Looking On

This is the first Thanksgiving without my mom and, even though she wasn’t well enough to celebrate traditionally last year, she could still offer stuffing nut to berry ratio advice and Black Friday shopping strategies. She could still wear her full length fur coat she was so proud of, even if she only wore it from her room to my door.

Now it hangs on the back of my closet, and what’s left of her belongings crowd my garage.

In my studies, I’ve learned a little about Jung’s alchemical psychological analysis and what our “big dreams” can tell us about our subconscious. In short, there are archetypal symbols that have universal meaning in everyone’s dreams. If we pay attention to what these symbols mean, we can figure out what’s bothering us or possibly find a path to happiness.

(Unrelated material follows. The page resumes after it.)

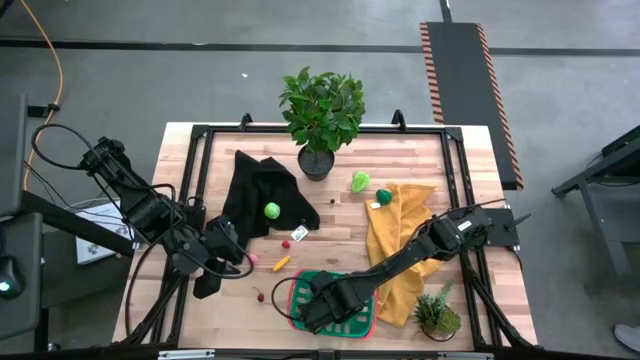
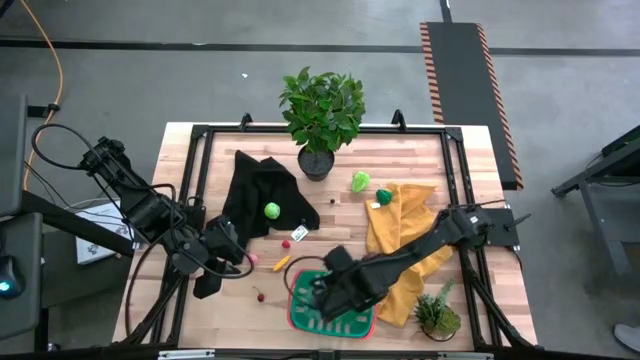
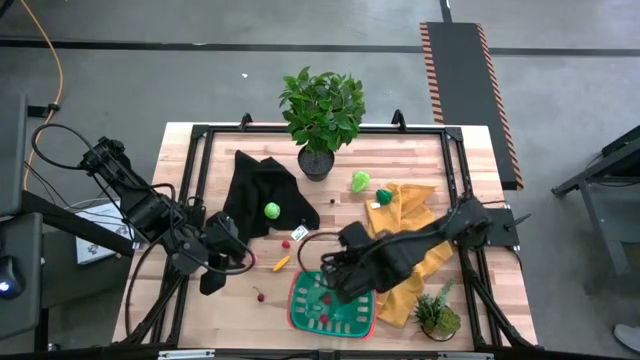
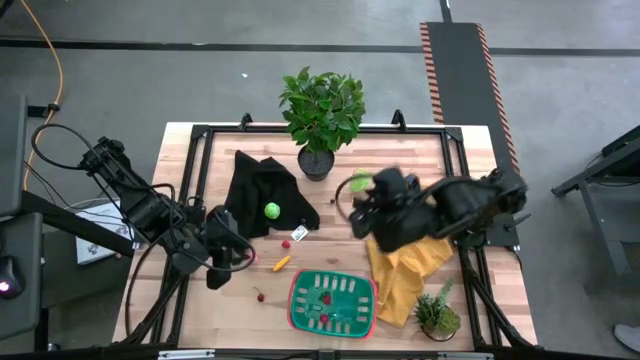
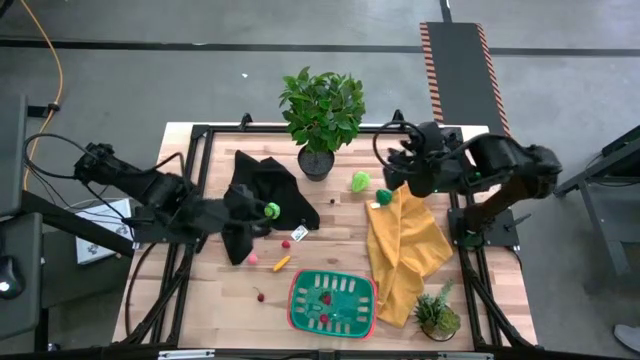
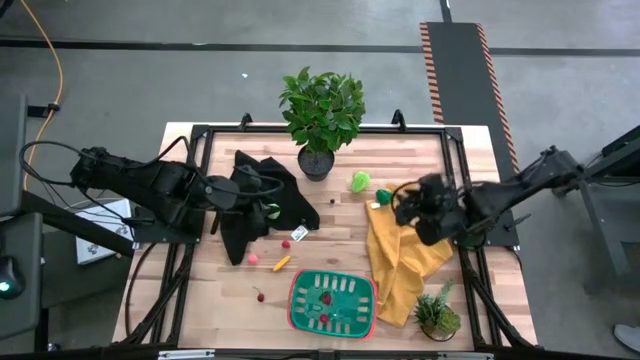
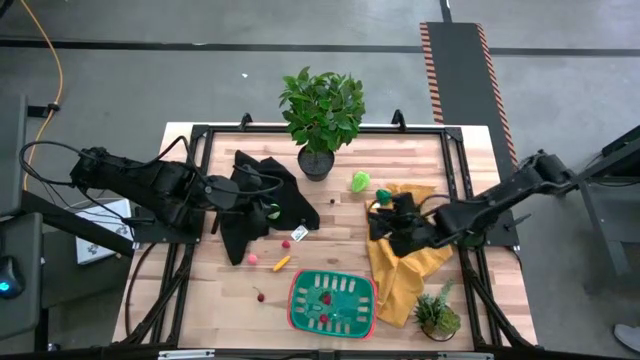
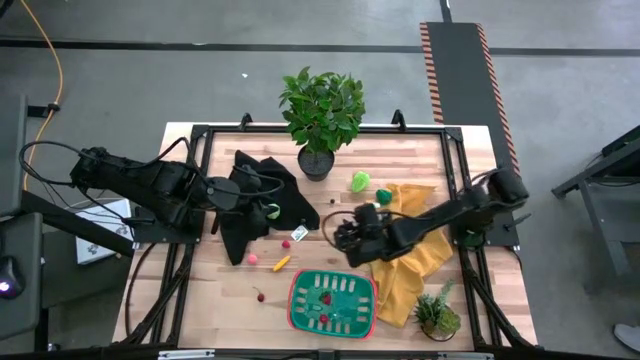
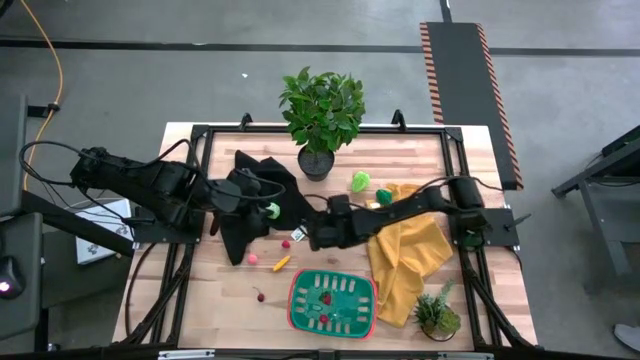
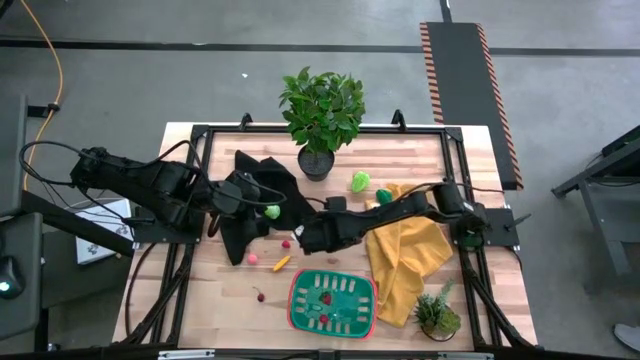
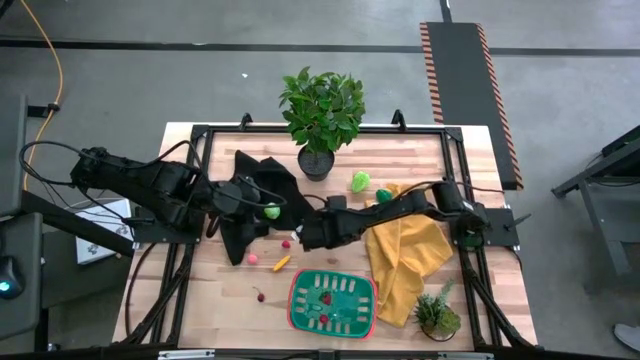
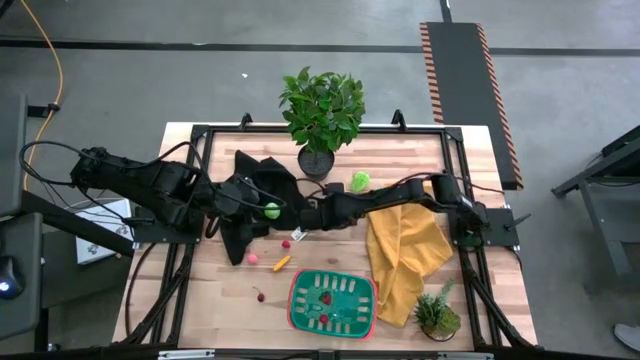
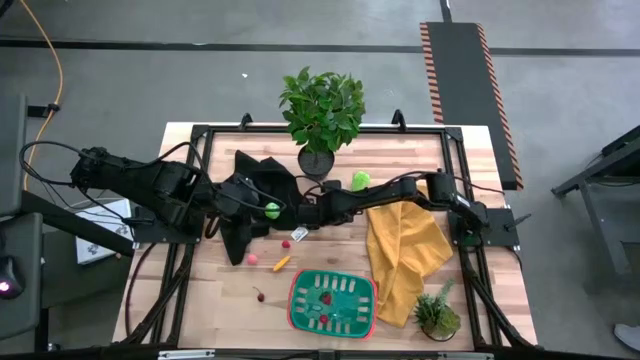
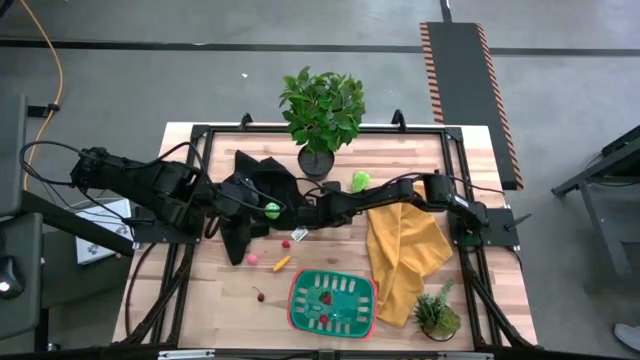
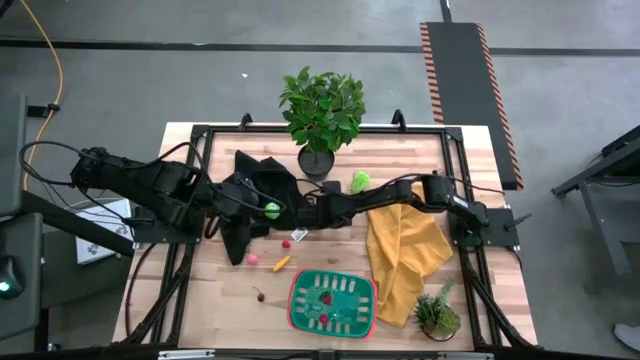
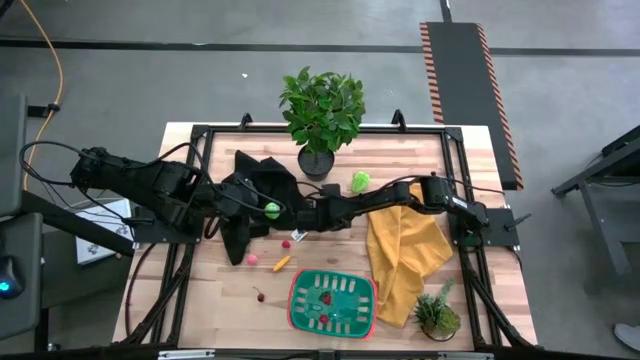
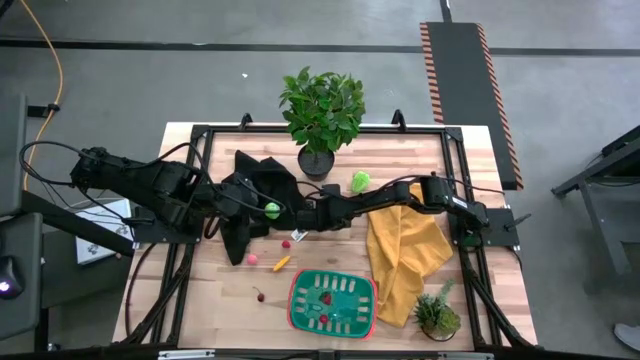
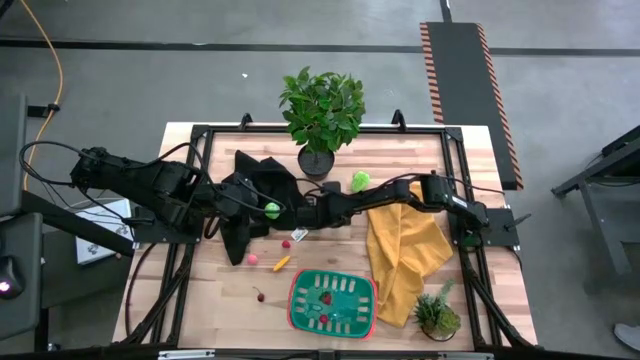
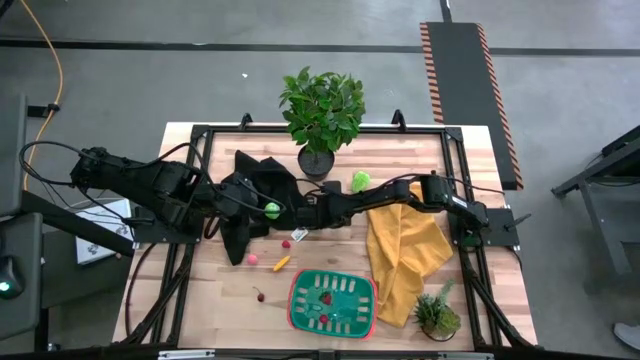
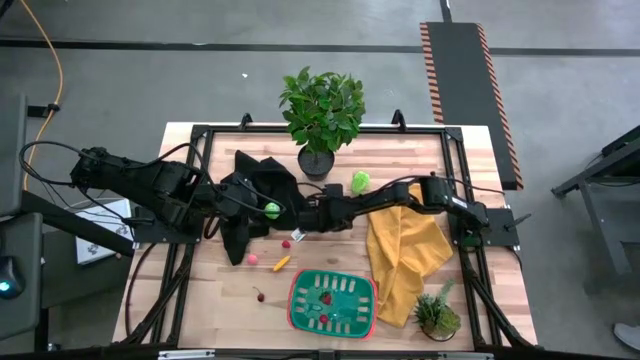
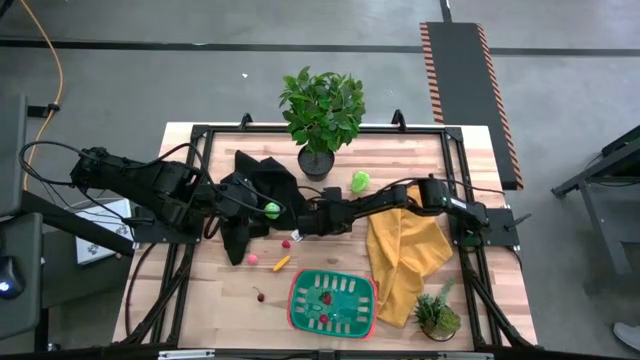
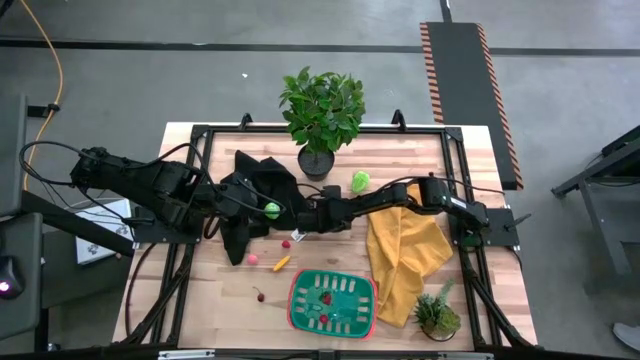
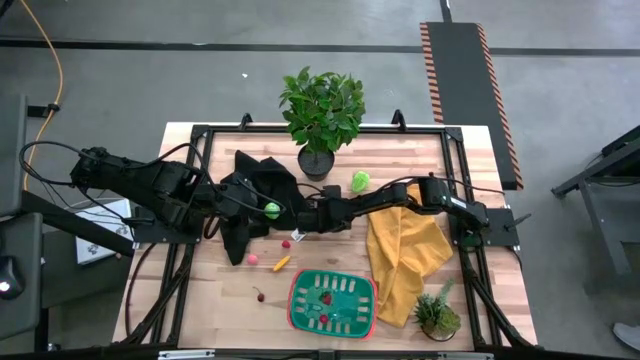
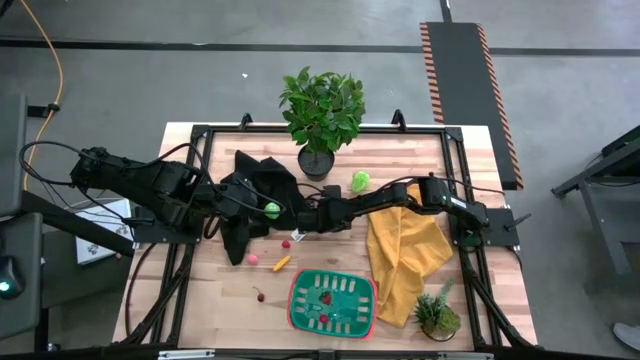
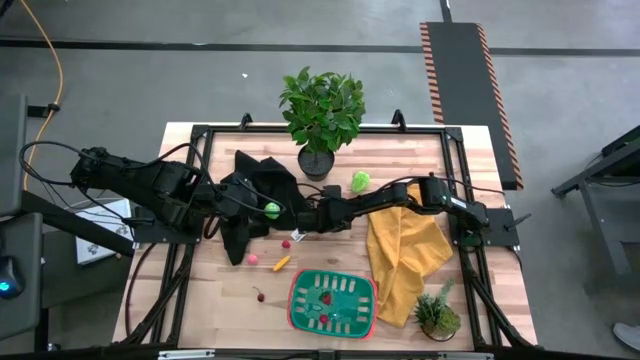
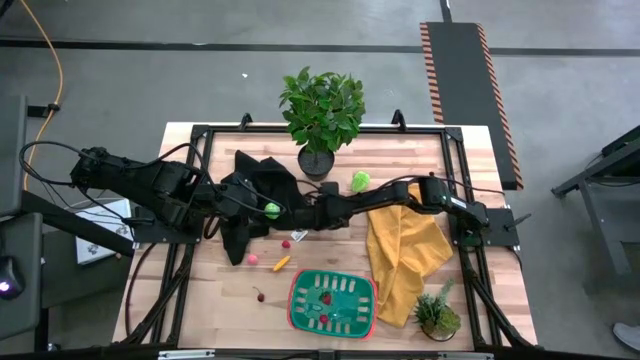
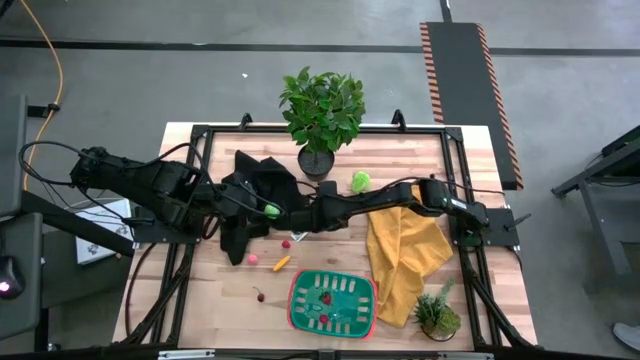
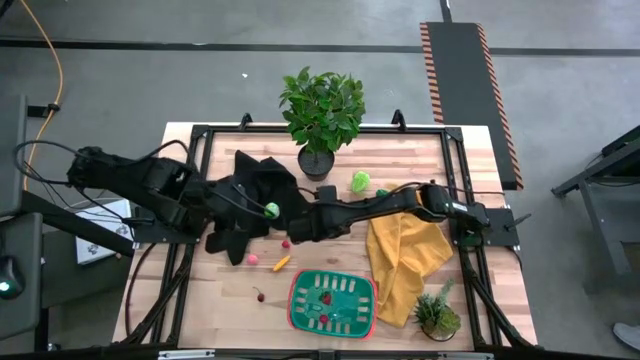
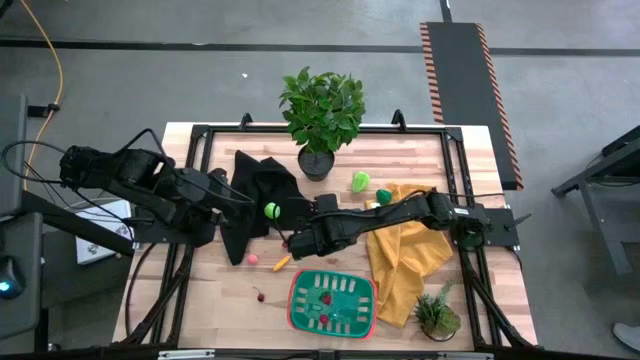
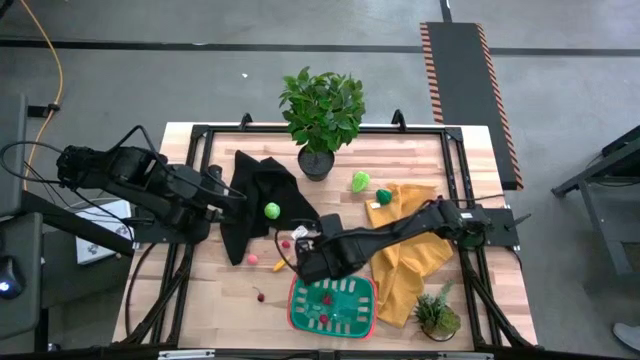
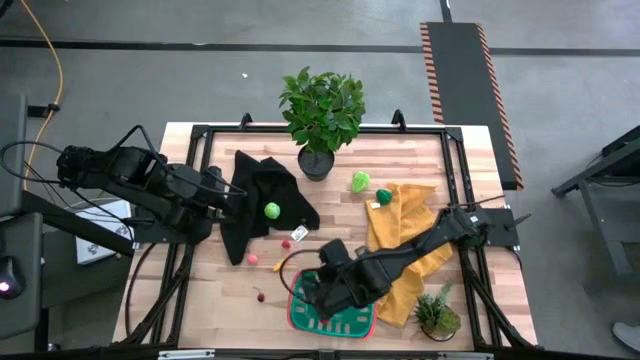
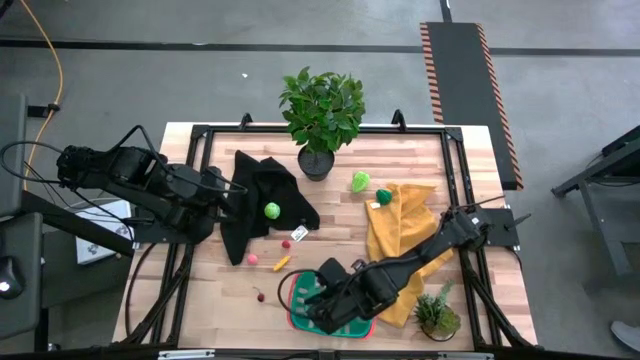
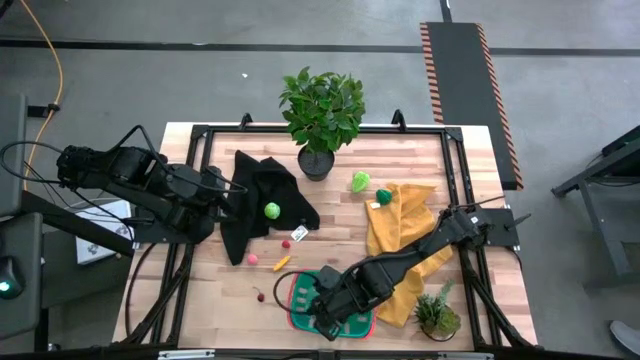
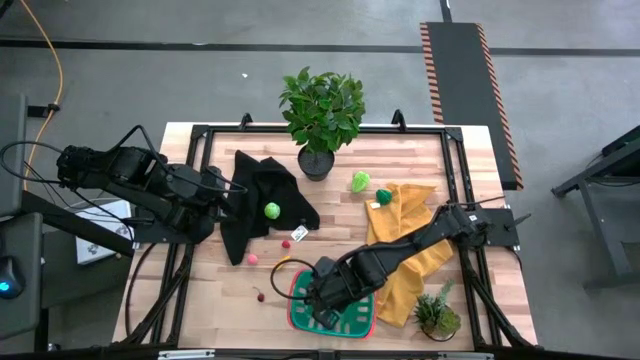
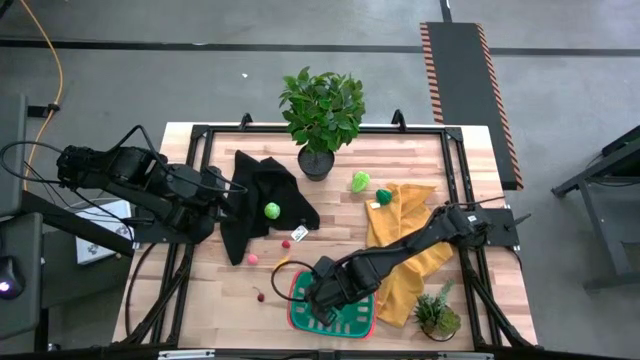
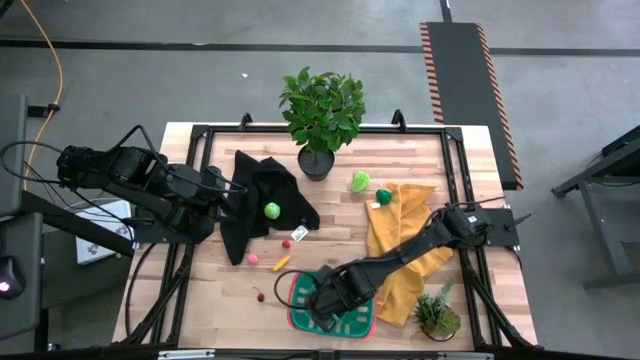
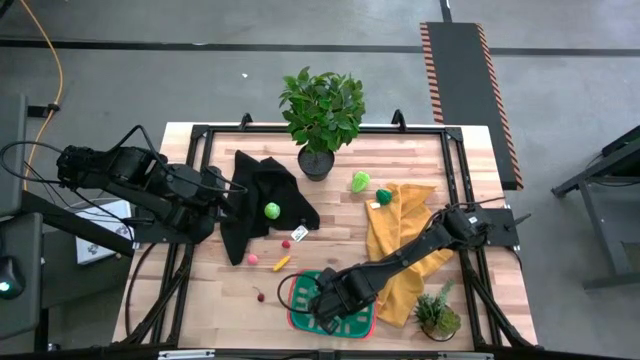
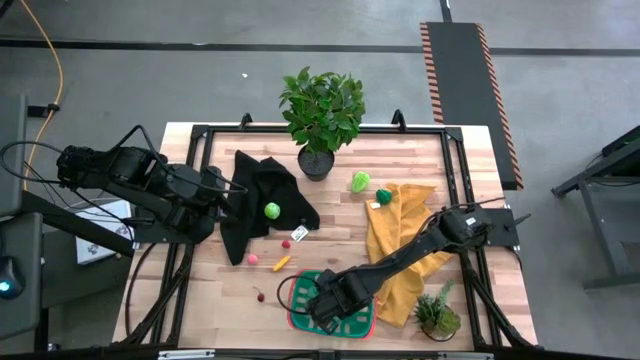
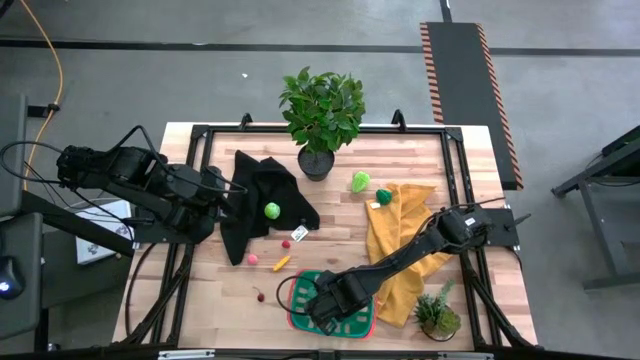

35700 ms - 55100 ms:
Task: Pick and placing Produce into tupperware
Put the blueberry into the blue bin

To be honest, I thought all of “that business” was an antiquated, pre-neuroscience way of psychoanalysis. I thought dreams were a combination of bad movies and spicy late night dinners firing random neurons while I slept. And then I had a “Big Dream.”

Turns out I was wrong. Go figure. I’m sure there are regular dreams attached to too much guacamole in my Chipotle burrito or one too many episodes of SVU, but there are also dreams that can show us what’s important. These dreams are usually in color.

Below is a poem I’ve been working on that wrestles with my own Night Sea Journey. I hope you like it.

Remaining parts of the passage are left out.